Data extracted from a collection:
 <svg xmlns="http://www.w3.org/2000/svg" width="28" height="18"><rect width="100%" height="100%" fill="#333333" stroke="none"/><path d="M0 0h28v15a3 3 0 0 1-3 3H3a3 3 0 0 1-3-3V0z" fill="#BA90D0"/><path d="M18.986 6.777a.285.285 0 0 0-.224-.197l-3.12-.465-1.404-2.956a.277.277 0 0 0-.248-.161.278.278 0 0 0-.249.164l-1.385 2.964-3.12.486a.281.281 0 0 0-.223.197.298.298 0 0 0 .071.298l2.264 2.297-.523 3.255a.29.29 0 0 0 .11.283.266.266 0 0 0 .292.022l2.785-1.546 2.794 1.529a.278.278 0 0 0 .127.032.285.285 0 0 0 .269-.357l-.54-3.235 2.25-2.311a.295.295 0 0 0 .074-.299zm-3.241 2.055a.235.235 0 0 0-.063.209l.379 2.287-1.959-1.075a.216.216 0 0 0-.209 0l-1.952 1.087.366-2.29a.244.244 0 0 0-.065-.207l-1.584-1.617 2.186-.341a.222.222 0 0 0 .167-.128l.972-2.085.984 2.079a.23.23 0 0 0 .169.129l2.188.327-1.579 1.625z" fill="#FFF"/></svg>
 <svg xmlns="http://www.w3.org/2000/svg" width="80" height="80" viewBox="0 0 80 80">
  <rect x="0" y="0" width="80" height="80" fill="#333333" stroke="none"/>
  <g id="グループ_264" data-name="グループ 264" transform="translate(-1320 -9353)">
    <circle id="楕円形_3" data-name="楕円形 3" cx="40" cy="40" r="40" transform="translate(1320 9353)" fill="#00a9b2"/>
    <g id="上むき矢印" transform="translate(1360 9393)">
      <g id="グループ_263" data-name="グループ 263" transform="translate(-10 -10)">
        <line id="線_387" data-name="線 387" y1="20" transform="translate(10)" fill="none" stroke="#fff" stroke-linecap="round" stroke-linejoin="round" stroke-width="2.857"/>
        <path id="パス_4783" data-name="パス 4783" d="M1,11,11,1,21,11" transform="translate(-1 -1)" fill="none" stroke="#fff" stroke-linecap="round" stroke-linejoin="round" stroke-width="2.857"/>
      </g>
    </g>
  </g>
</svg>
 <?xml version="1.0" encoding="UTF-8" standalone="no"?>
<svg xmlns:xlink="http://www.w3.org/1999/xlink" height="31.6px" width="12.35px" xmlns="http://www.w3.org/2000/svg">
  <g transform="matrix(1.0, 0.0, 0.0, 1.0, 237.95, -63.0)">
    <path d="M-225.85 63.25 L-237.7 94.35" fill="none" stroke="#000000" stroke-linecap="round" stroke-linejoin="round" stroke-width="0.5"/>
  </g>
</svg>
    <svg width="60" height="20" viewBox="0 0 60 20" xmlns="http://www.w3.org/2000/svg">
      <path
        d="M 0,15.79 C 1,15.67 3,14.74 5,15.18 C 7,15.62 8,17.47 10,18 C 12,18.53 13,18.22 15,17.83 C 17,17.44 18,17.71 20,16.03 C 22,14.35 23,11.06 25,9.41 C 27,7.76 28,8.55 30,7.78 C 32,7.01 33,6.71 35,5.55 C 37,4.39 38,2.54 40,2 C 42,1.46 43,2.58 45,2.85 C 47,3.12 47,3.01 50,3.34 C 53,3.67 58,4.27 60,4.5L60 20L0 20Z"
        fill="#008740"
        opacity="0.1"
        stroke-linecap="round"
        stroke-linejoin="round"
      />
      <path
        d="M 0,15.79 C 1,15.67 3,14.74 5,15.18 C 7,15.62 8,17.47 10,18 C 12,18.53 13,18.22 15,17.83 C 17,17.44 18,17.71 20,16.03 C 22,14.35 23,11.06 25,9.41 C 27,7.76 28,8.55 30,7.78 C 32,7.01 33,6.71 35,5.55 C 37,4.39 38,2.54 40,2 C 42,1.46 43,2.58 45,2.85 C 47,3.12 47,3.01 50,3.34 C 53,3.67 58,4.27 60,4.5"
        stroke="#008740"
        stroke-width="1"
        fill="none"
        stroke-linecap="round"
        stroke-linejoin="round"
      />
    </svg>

• _TASK REQUIREMENTS_: Report each line in the entries where the string "linecap" occurs.

• _SOLUTION TO THIS EXERCISE_:
        <line id="線_387" data-name="線 387" y1="20" transform="translate(10)" fill="none" stroke="#fff" stroke-linecap="round" stroke-linejoin="round" stroke-width="2.857"/>
        <path id="パス_4783" data-name="パス 4783" d="M1,11,11,1,21,11" transform="translate(-1 -1)" fill="none" stroke="#fff" stroke-linecap="round" stroke-linejoin="round" stroke-width="2.857"/>
    <path d="M-225.85 63.25 L-237.7 94.35" fill="none" stroke="#000000" stroke-linecap="round" stroke-linejoin="round" stroke-width="0.5"/>
        stroke-linecap="round"
        stroke-linecap="round"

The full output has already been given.